_MATERIAL FOR THIS TASK_:
::::::
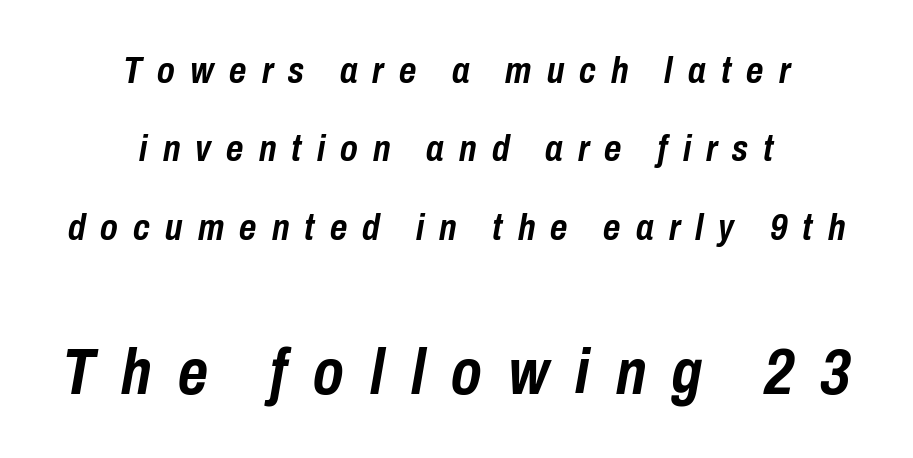
Q: Is the text bold? A: Yes.
Q: Is the text italic (slanted)? A: Yes, it leans right by about 10 degrees.
Q: Is the text underlined? A: No.
Q: How is the paragraph aligned? A: Centered.
Q: Is the spacing between letters normal or unusually wide? A: Unusually wide.
Q: Is the spacing between lines tight, normal or loose? A: Loose.
Q: Which block of text is set in a larger size, the first (top) or the second (bottom)? A: The second (bottom) one.
Q: Width (condensed, normal, or wide)? A: Condensed.
Q: Stroke contrast? A: Low.
Q: x-height? A: Medium.
Q: Monospaced? A: No.
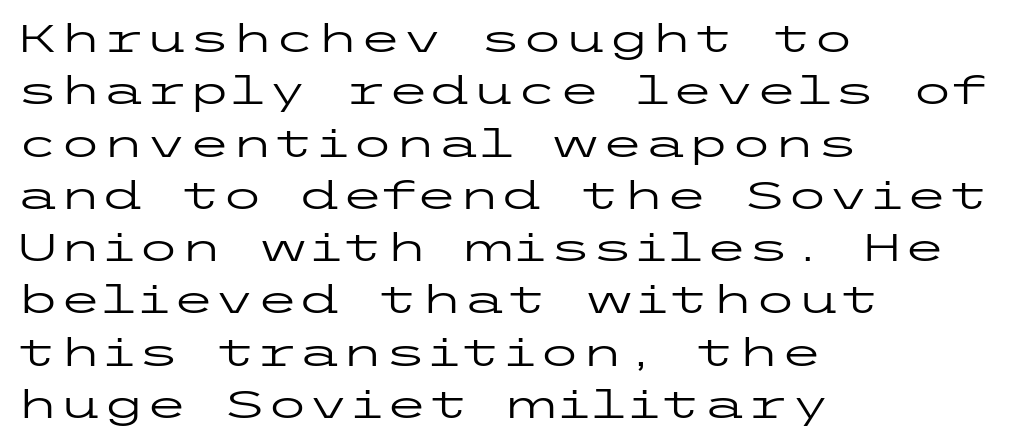
Q: Is the text bold? A: No.
Q: Is the text italic (slanted)? A: No, it is upright.
Q: Is the typeface a serif or a sans-serif typeface? A: Sans-serif.
Q: Is the text underlined? A: No.
Q: How is the paragraph aligned? A: Left-aligned.
Q: Is the spacing between letters normal or unusually wide? A: Normal.
Q: Is the spacing between lines tight, normal or loose? A: Normal.
Q: Width (condensed, normal, or wide)? A: Wide.
Q: Stroke contrast? A: Low.
Q: x-height? A: Medium.
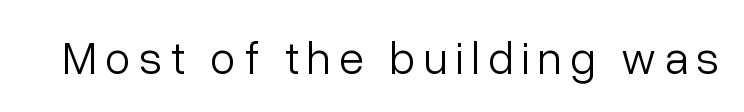
Q: Is the text bold? A: No.
Q: Is the text italic (slanted)? A: No, it is upright.
Q: Is the typeface a serif or a sans-serif typeface? A: Sans-serif.
Q: Is the text underlined? A: No.
Q: Width (condensed, normal, or wide)? A: Normal.
Q: Stroke contrast? A: Low.
Q: x-height? A: Medium.
Q: Monospaced? A: No.
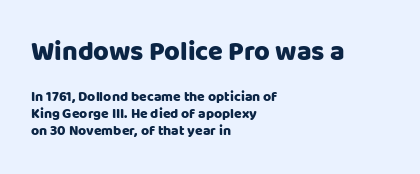
{"italic": "no", "underline": "no", "align": "left", "line_spacing_ratio": 1.22, "letter_spacing": "normal", "letter_spacing_em": 0.0, "larger_block": "first", "size_ratio": 1.93, "glyph_px": 27}
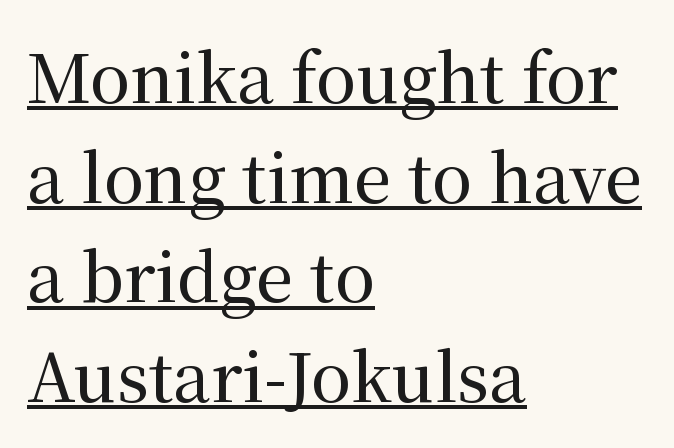
Q: Is the text italic (slanted)? A: No, it is upright.
Q: Is the typeface a serif or a sans-serif typeface? A: Serif.
Q: Is the text underlined? A: Yes.
Q: How is the paragraph aligned? A: Left-aligned.
Q: Is the spacing between letters normal or unusually wide? A: Normal.
Q: Is the spacing between lines tight, normal or loose? A: Normal.
Q: Width (condensed, normal, or wide)? A: Normal.
Q: Stroke contrast? A: Medium.
Q: x-height? A: Medium.
Q: Monospaced? A: No.
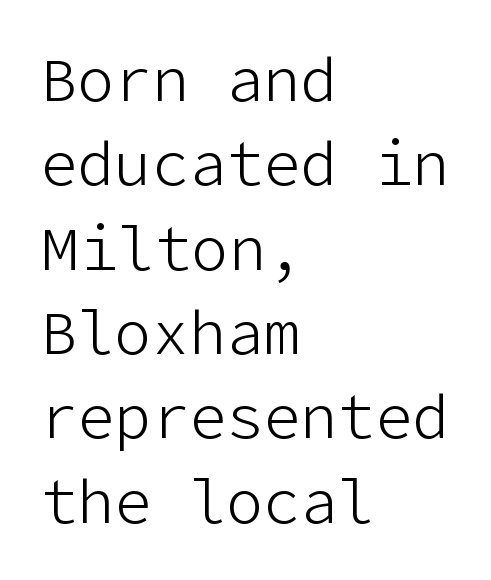
Only glyphs here, with clear space below each row. Heft: none added — not bold. Caption: multi-line text, flush left, ragged right. The text was rendered using a sans face with plain stroke endings. No extra tracking has been applied to these lines. When letters stand straight like this, we call the style roman or upright.
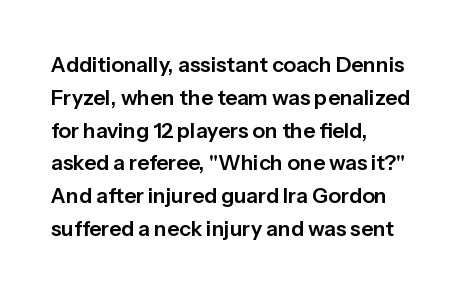
The image shows 21 px text type, upright; set left-aligned, normal line spacing (1.56x), normal letter spacing, not underlined.
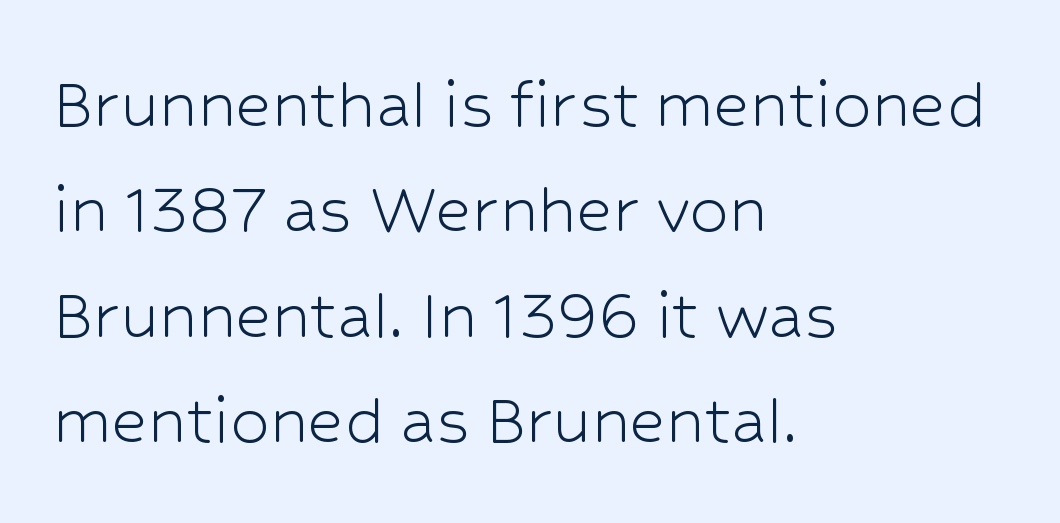
{"serif": "no", "italic": "no", "bold": "no", "weight": "light", "width": "normal", "stroke_contrast": "low", "x_height": "medium", "monospaced": "no", "underline": "no", "align": "left", "line_spacing": "normal", "line_spacing_ratio": 1.35, "letter_spacing": "normal", "letter_spacing_em": 0.0, "glyph_px": 78}
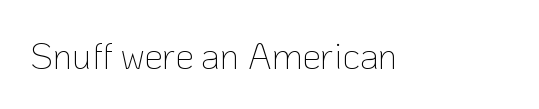
The image shows 37 px thin sans-serif type, upright; set normal letter spacing, not underlined; low stroke contrast and a medium x-height.
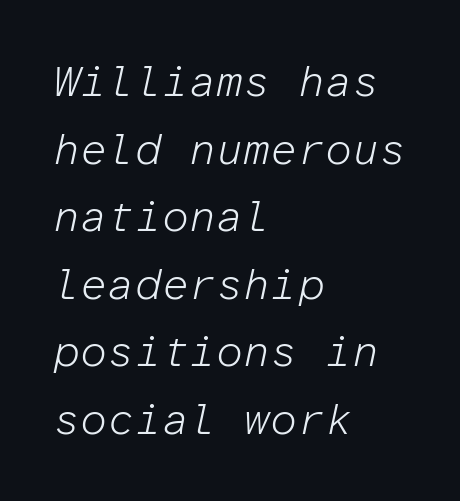
{"italic": "yes", "lean": "right", "slant_degrees": 12, "bold": "no", "weight": "light", "width": "normal", "stroke_contrast": "low", "x_height": "medium", "monospaced": "yes", "underline": "no", "align": "left", "line_spacing": "normal", "line_spacing_ratio": 1.57, "letter_spacing": "normal", "letter_spacing_em": 0.0, "glyph_px": 43}
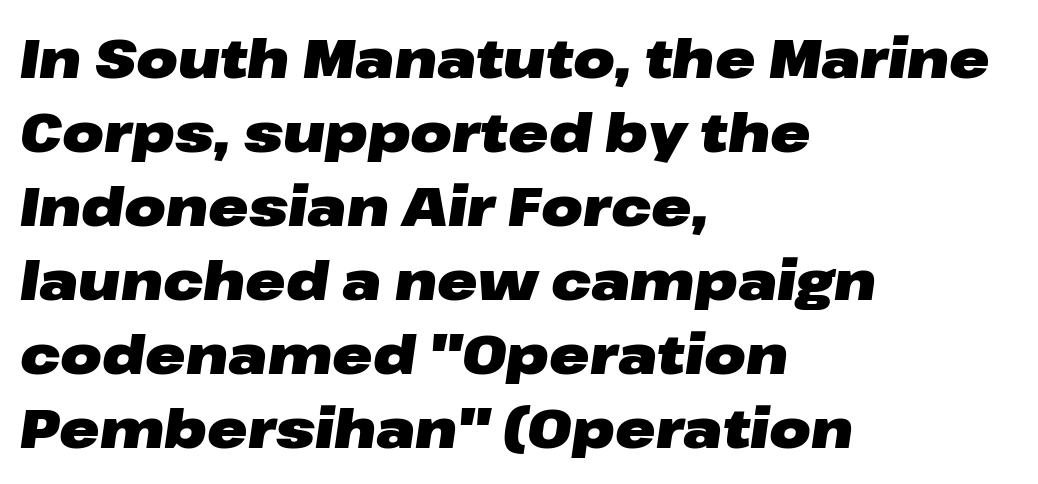
The image shows 54 px heavy, wide type, italic (leaning right); set left-aligned, normal line spacing (1.37x), normal letter spacing, not underlined; low stroke contrast and a medium x-height.
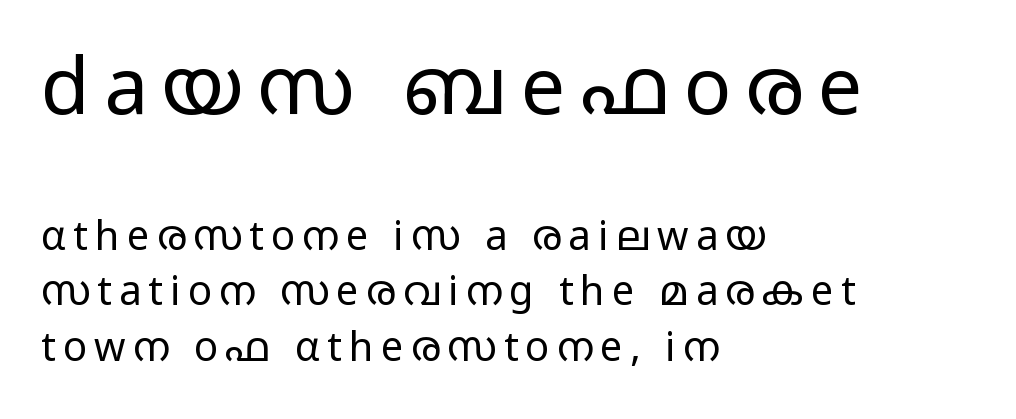
Stems here are at most as thick as an everyday book face. Nope, not italic — everything's standing straight. The line-height multiplier appears to be the usual default. This rendering uses left alignment, leaving the right contour irregular. Note: no serifs on the glyphs.
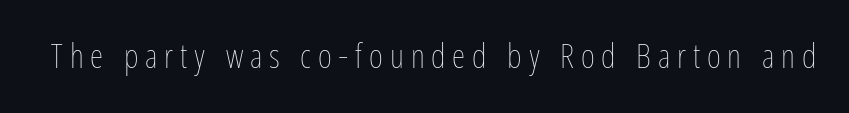
These lines were composed using upright roman letters. Think of a printed novel: that variable character pitch is what you see here. Students, note that the glyphs here are deliberately spaced far apart. No heavy texture on the line: the type isn't bold.
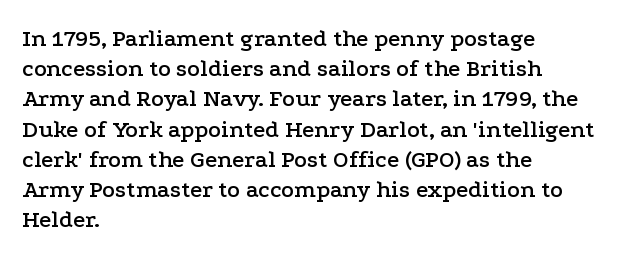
::::::
_TO DO_: Copy all of the entries verbatim, leaving out any pictures they contain.

_REPLY TO THE EXERCISE_:
Q: Is the text bold? A: Yes.
Q: Is the text italic (slanted)? A: Yes, it leans right by about 10 degrees.
Q: Is the text underlined? A: No.
Q: How is the paragraph aligned? A: Centered.
Q: Is the spacing between letters normal or unusually wide? A: Unusually wide.
Q: Is the spacing between lines tight, normal or loose? A: Loose.
Q: Which block of text is set in a larger size, the first (top) or the second (bottom)? A: The second (bottom) one.
Q: Width (condensed, normal, or wide)? A: Condensed.
Q: Stroke contrast? A: Low.
Q: x-height? A: Medium.
Q: Monospaced? A: No.
Q: Is the text bold? A: No.
Q: Is the text italic (slanted)? A: No, it is upright.
Q: Is the typeface a serif or a sans-serif typeface? A: Sans-serif.
Q: Is the text underlined? A: No.
Q: How is the paragraph aligned? A: Left-aligned.
Q: Is the spacing between letters normal or unusually wide? A: Normal.
Q: Is the spacing between lines tight, normal or loose? A: Normal.
Q: Width (condensed, normal, or wide)? A: Wide.
Q: Stroke contrast? A: Low.
Q: x-height? A: Medium.
Q: Is the text bold? A: No.
Q: Is the text italic (slanted)? A: No, it is upright.
Q: Is the typeface a serif or a sans-serif typeface? A: Sans-serif.
Q: Is the text underlined? A: No.
Q: Width (condensed, normal, or wide)? A: Normal.
Q: Stroke contrast? A: Low.
Q: x-height? A: Medium.
Q: Monospaced? A: No.
{"italic": "no", "underline": "no", "align": "left", "line_spacing_ratio": 1.22, "letter_spacing": "normal", "letter_spacing_em": 0.0, "larger_block": "first", "size_ratio": 1.93, "glyph_px": 27}
Q: Is the text italic (slanted)? A: No, it is upright.
Q: Is the typeface a serif or a sans-serif typeface? A: Serif.
Q: Is the text underlined? A: Yes.
Q: How is the paragraph aligned? A: Left-aligned.
Q: Is the spacing between letters normal or unusually wide? A: Normal.
Q: Is the spacing between lines tight, normal or loose? A: Normal.
Q: Width (condensed, normal, or wide)? A: Normal.
Q: Stroke contrast? A: Medium.
Q: x-height? A: Medium.
Q: Monospaced? A: No.
Only glyphs here, with clear space below each row. Heft: none added — not bold. Caption: multi-line text, flush left, ragged right. The text was rendered using a sans face with plain stroke endings. No extra tracking has been applied to these lines. When letters stand straight like this, we call the style roman or upright.
The image shows 21 px text type, upright; set left-aligned, normal line spacing (1.56x), normal letter spacing, not underlined.
{"serif": "no", "italic": "no", "bold": "no", "weight": "light", "width": "normal", "stroke_contrast": "low", "x_height": "medium", "monospaced": "no", "underline": "no", "align": "left", "line_spacing": "normal", "line_spacing_ratio": 1.35, "letter_spacing": "normal", "letter_spacing_em": 0.0, "glyph_px": 78}
The image shows 37 px thin sans-serif type, upright; set normal letter spacing, not underlined; low stroke contrast and a medium x-height.
{"italic": "yes", "lean": "right", "slant_degrees": 12, "bold": "no", "weight": "light", "width": "normal", "stroke_contrast": "low", "x_height": "medium", "monospaced": "yes", "underline": "no", "align": "left", "line_spacing": "normal", "line_spacing_ratio": 1.57, "letter_spacing": "normal", "letter_spacing_em": 0.0, "glyph_px": 43}
The image shows 54 px heavy, wide type, italic (leaning right); set left-aligned, normal line spacing (1.37x), normal letter spacing, not underlined; low stroke contrast and a medium x-height.
Stems here are at most as thick as an everyday book face. Nope, not italic — everything's standing straight. The line-height multiplier appears to be the usual default. This rendering uses left alignment, leaving the right contour irregular. Note: no serifs on the glyphs.
These lines were composed using upright roman letters. Think of a printed novel: that variable character pitch is what you see here. Students, note that the glyphs here are deliberately spaced far apart. No heavy texture on the line: the type isn't bold.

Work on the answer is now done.